Novel Gatifloxacin3-Carboxamide Derivatives as Anti-Tumor Agents: Synthesis, Enantioseparation, and Molecular Docking

Background:: The drug's affinity to the identified target (protein/enzyme) is a critical characteristic in the development of a novel drug. Fluoroquinolone derivatives with a carboxylic group change have improved antimicrobial and anticancer activity while maintaining antibacterial activity similar to parent drugs.
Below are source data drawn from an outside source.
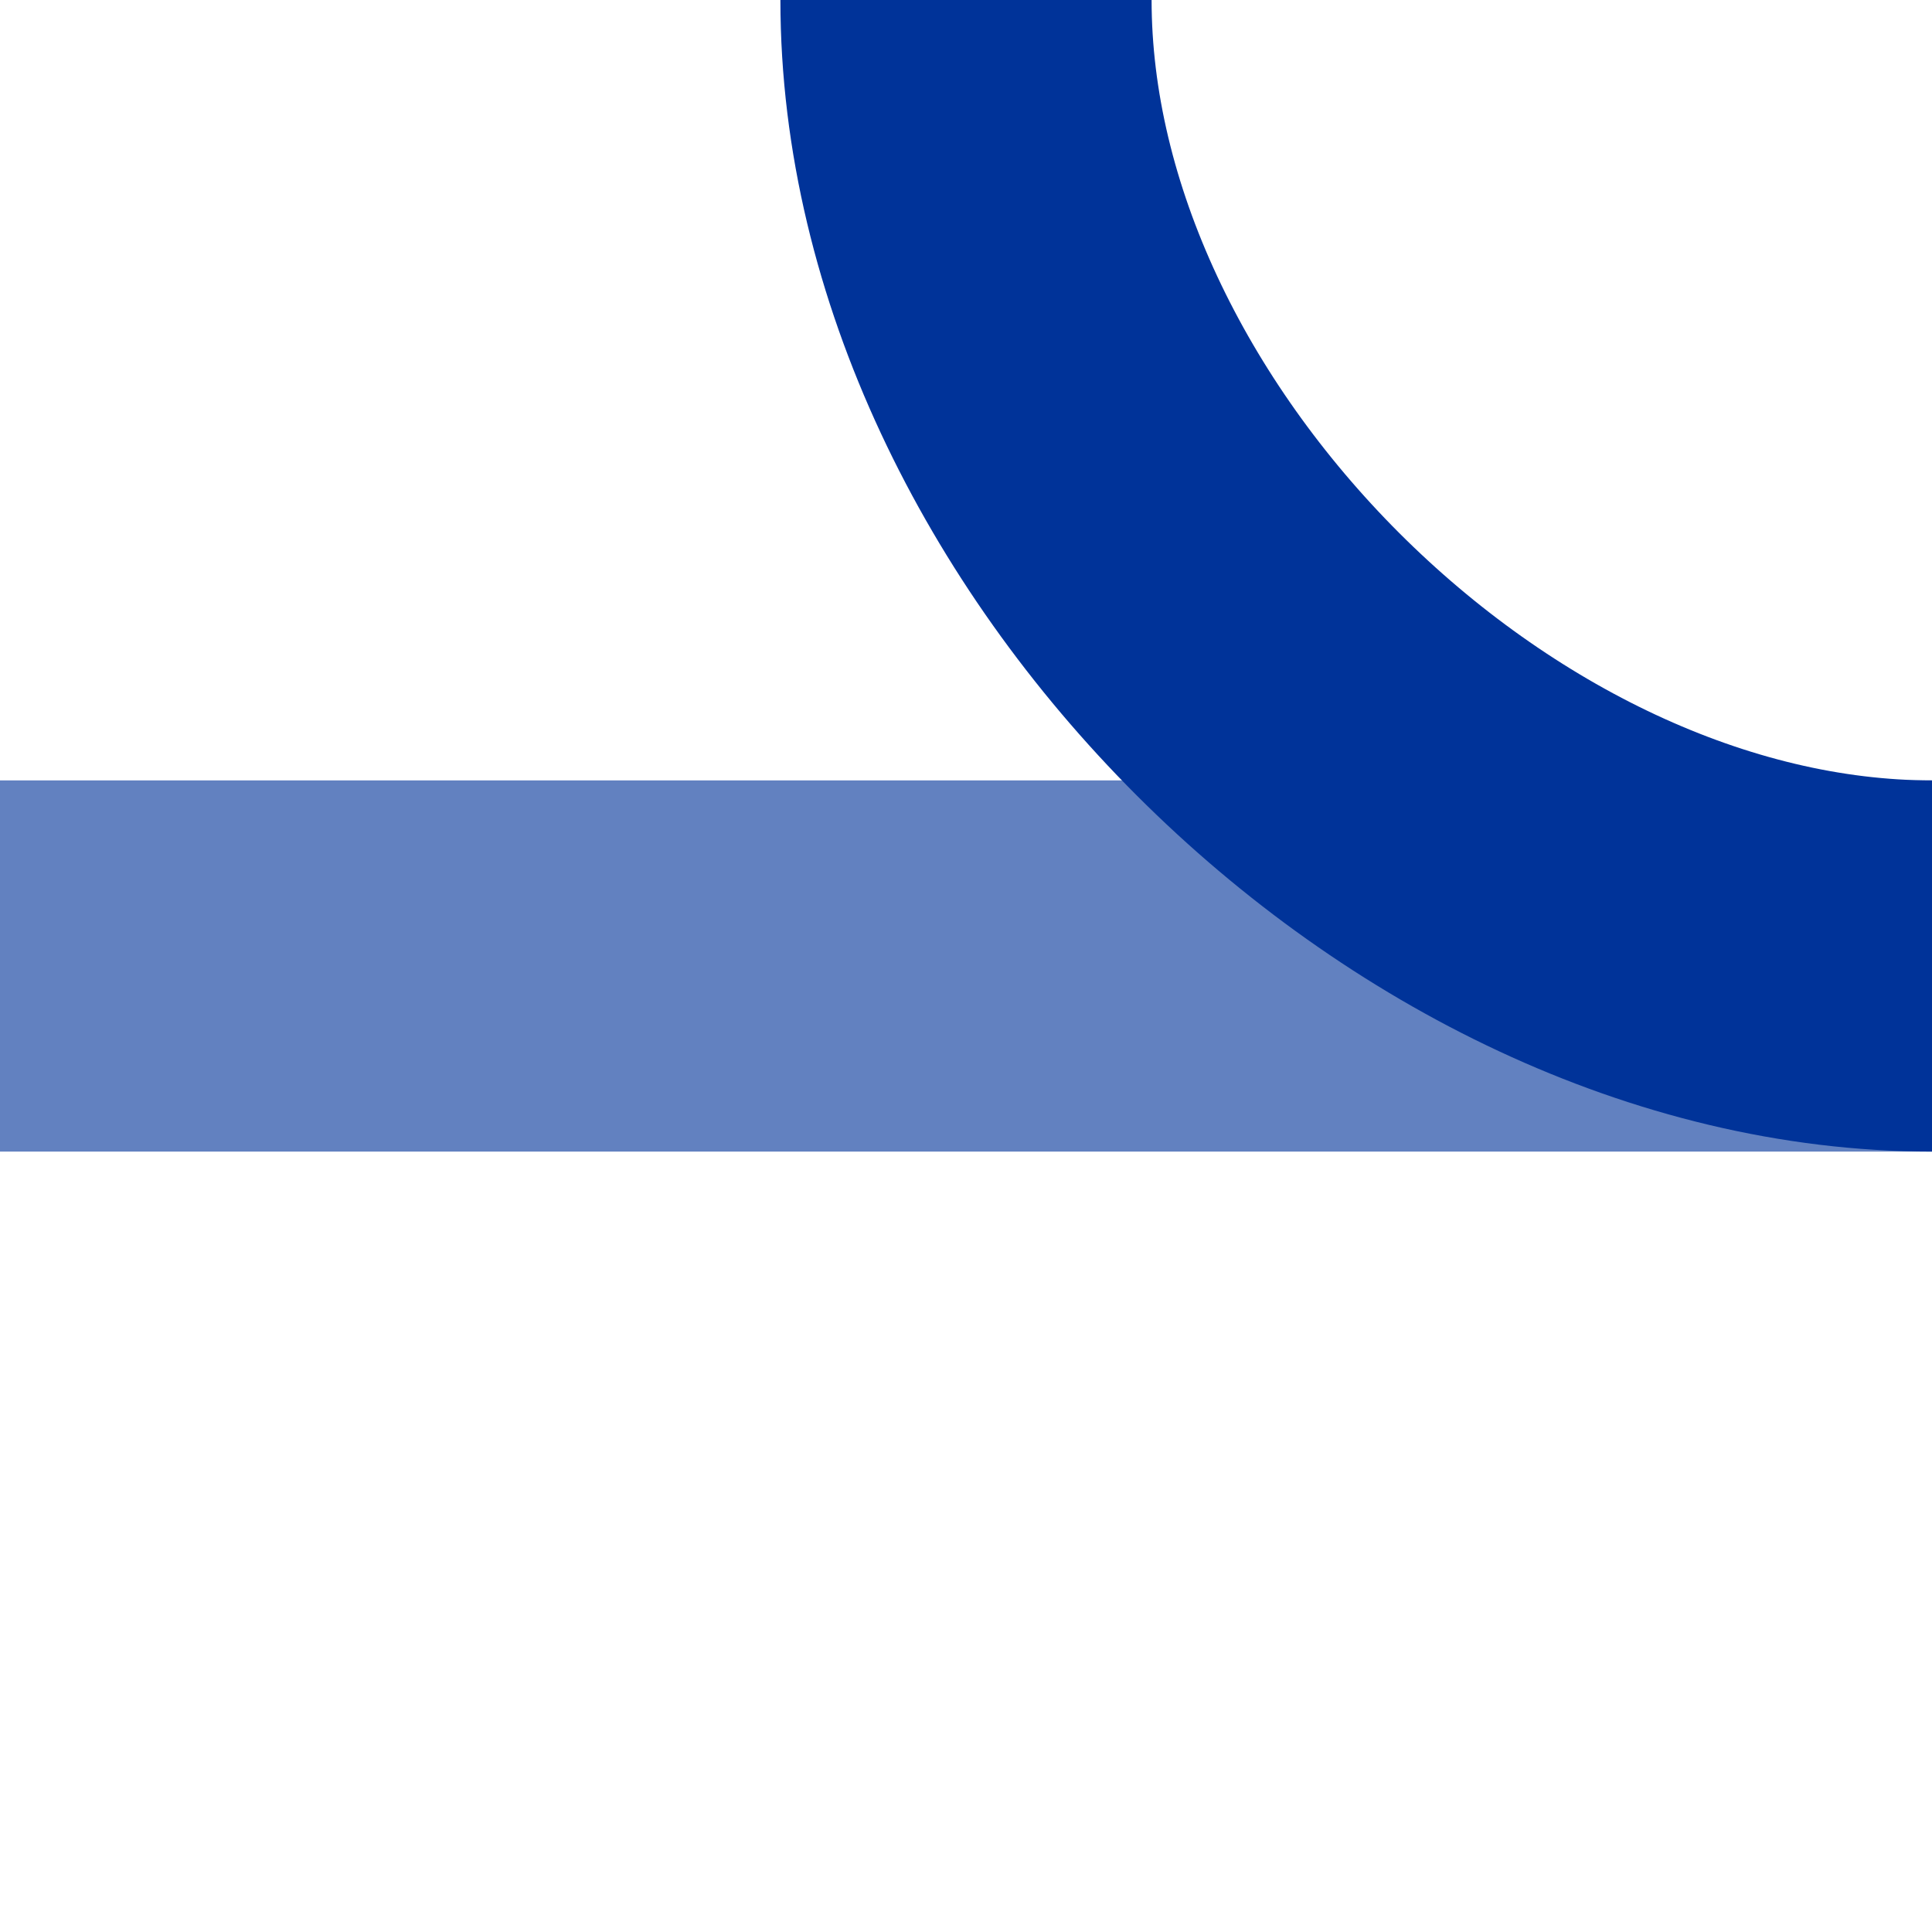 <?xml version="1.0" encoding="UTF-8" standalone="no"?>
<!-- Created by Bernina for Wikipedia amended by AlexTiefling-->
<svg
   xmlns:dc="http://purl.org/dc/elements/1.1/"
   xmlns:cc="http://web.resource.org/cc/"
   xmlns:rdf="http://www.w3.org/1999/02/22-rdf-syntax-ns#"
   xmlns:svg="http://www.w3.org/2000/svg"
   xmlns="http://www.w3.org/2000/svg"
   xmlns:sodipodi="http://sodipodi.sourceforge.net/DTD/sodipodi-0.dtd"
   xmlns:inkscape="http://www.inkscape.org/namespaces/inkscape"
   xml:space="preserve"
   width="500px"
   height="500px"
   style="shape-rendering:geometricPrecision; text-rendering:geometricPrecision; image-rendering:optimizeQuality; fill-rule:evenodd; clip-rule:evenodd"
   viewBox="0 0 500 500"
   id="svg2213"
   sodipodi:version="0.32"
   inkscape:version="0.45.1"
   sodipodi:docname="BSicon_uxABZ3lf.svg"
   inkscape:output_extension="org.inkscape.output.svg.inkscape"
   sodipodi:docbase="C:\Users\David &amp; Lisa\Desktop"><sodipodi:namedview
   inkscape:window-height="575"
   inkscape:window-width="765"
   inkscape:pageshadow="2"
   inkscape:pageopacity="0.0"
   guidetolerance="10.0"
   gridtolerance="10.0"
   objecttolerance="10.0"
   borderopacity="1.0"
   bordercolor="#666666"
   pagecolor="#ffffff"
   id="base"
   inkscape:zoom="0.754"
   inkscape:cx="250"
   inkscape:cy="250"
   inkscape:window-x="2167"
   inkscape:window-y="238"
   inkscape:current-layer="svg2213" />
 <defs
   id="defs2215">
  <style
   type="text/css"
   id="style2217">
   
    .str0 {stroke:#D77F7E;stroke-width:96.064}
    .str1 {stroke:#BE2D2C;stroke-width:96.154}
    .fil0 {fill:none}
   
  </style>
 
  
  
 </defs>
 <line
   style="fill:none;stroke:#6281c0;stroke-width:96.064"
   id="line2223"
   y2="250"
   x2="-0"
   y1="250"
   x1="500"
   class="fil0 str0" />
 
<path
   style="fill:none;stroke:#003399;stroke-width:96.064"
   id="path2221"
   d="M 500,250 C 375,250 250,125 250,0"
   class="fil0 str0" /></svg>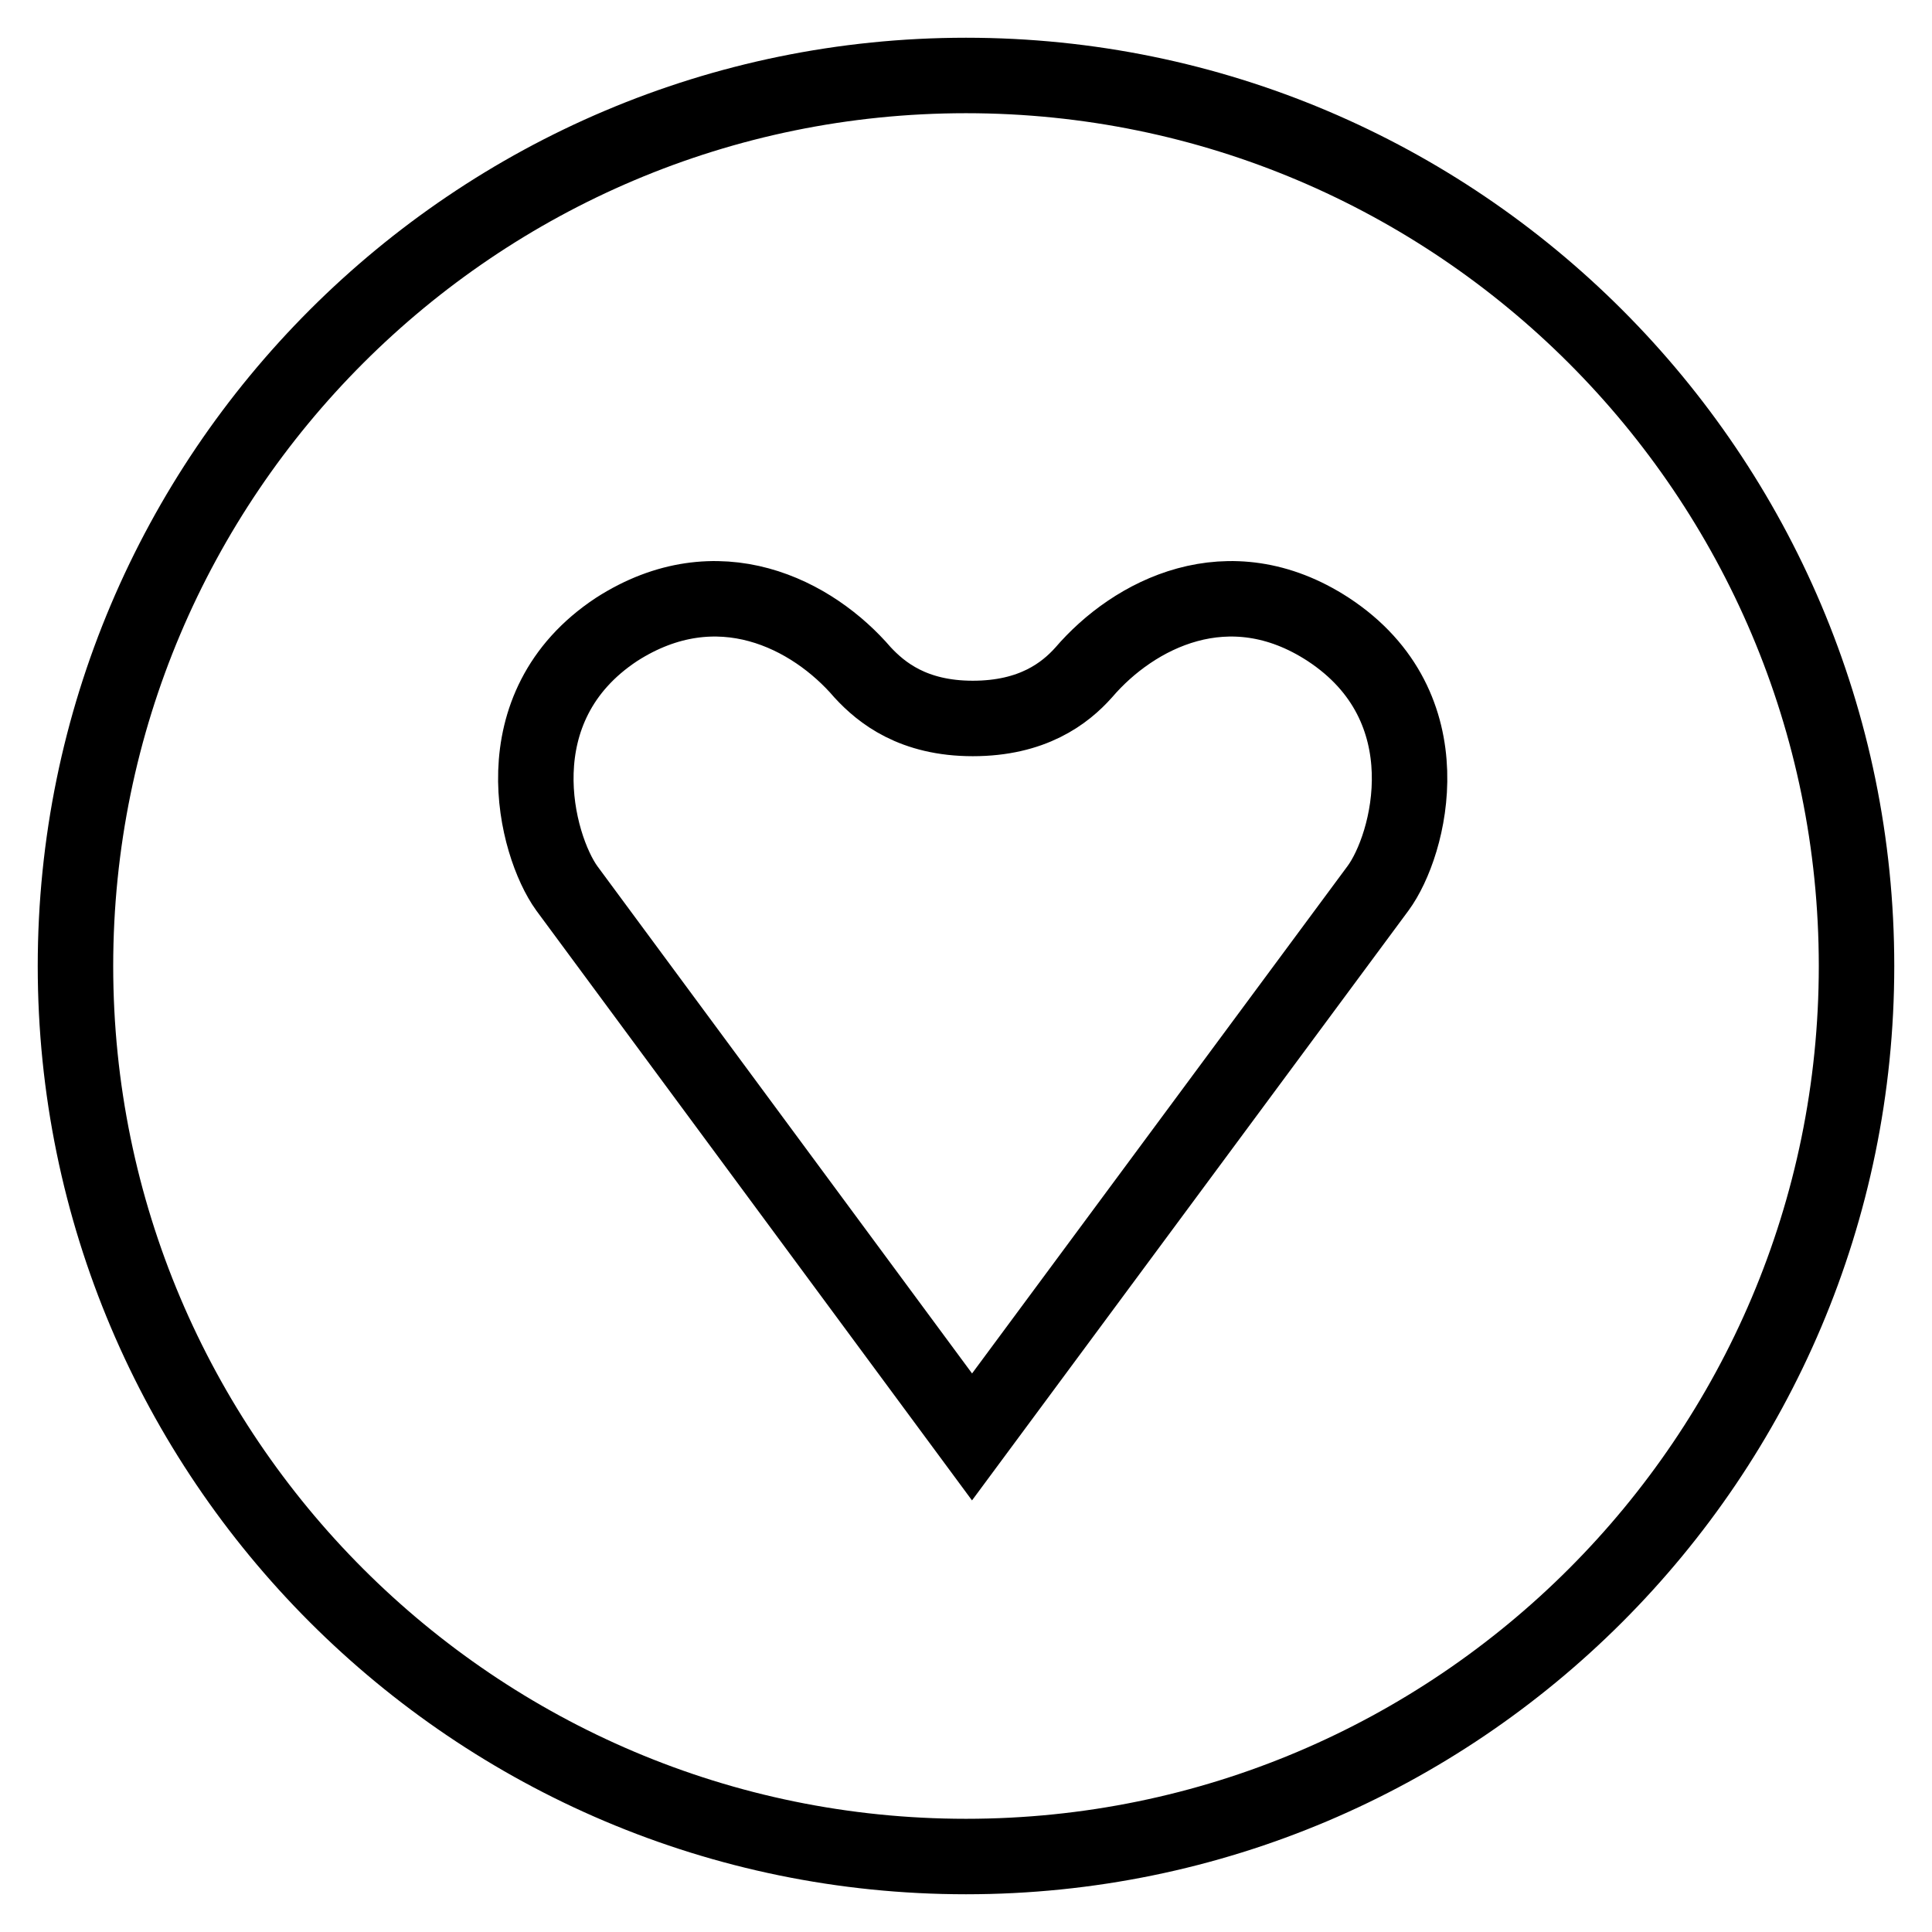 <?xml version="1.0" encoding="utf-8"?>
<!-- Svg Vector Icons : http://www.onlinewebfonts.com/icon -->
<!DOCTYPE svg PUBLIC "-//W3C//DTD SVG 1.1//EN" "http://www.w3.org/Graphics/SVG/1.1/DTD/svg11.dtd">
<svg version="1.1" xmlns="http://www.w3.org/2000/svg" xmlns:xlink="http://www.w3.org/1999/xlink" x="0px" y="0px" viewBox="0 0 256 256" enable-background="new 0 0 256 256" xml:space="preserve">
<g> <path stroke-width="10" fill-opacity="0" stroke="#000000"  d="M128.8,190.4l53.8-72.7c4.2-5.7,9.1-24-6.6-34.3c-13.2-8.6-25.8-2-32.4,5.7c-2.5,2.8-6.8,6.1-14.7,6.1 s-12.1-3.4-14.6-6.1c-6.6-7.7-19.2-14.3-32.6-5.7C66.1,93.7,71,112,75.1,117.7L128.8,190.4z M246,128c0,65.1-52.9,118-118,118 c-65.1,0-118-52.9-118-118C10,62.9,62.9,10,128,10C193.1,10,246,62.9,246,128L246,128z"/></g>
</svg>

Aim:: The rationale upon which synthesis of the new compounds, evaluation of their anticancer activity with in silico study, and suggestion of their mechanism of action is presented in this paper. Methods:: This part describes the practical procedures used for the synthesis of four new gatifloxacin 3-carboxamide derivative, with their spectral data (UV-vis, IR, and 1H-NMR). The enantiosaparation and docking studies are presented and discussed. Results:: Four gatifloxacin 3-carboxamide derivatives were enantioseparated using a high-performance liquid chromatography approach using two distinct polysaccharide-based chiral stationary phases (CSPs). The baseline enantioseparation of all derivatives evaluated in this study was achieved using both coated and immobilized amylose columns. In silico molecular docking study, revealed that all compounds showed good docking score. Conclusion:: The novel Fluoroquinolone caboxamides derivatives could be repositioned as DNA topoisomerase II inhibitors, allowing them to be employed as anticancer agents, according to our in silico study. Experiments in vitro and in vivo are required to confirm their efficacy.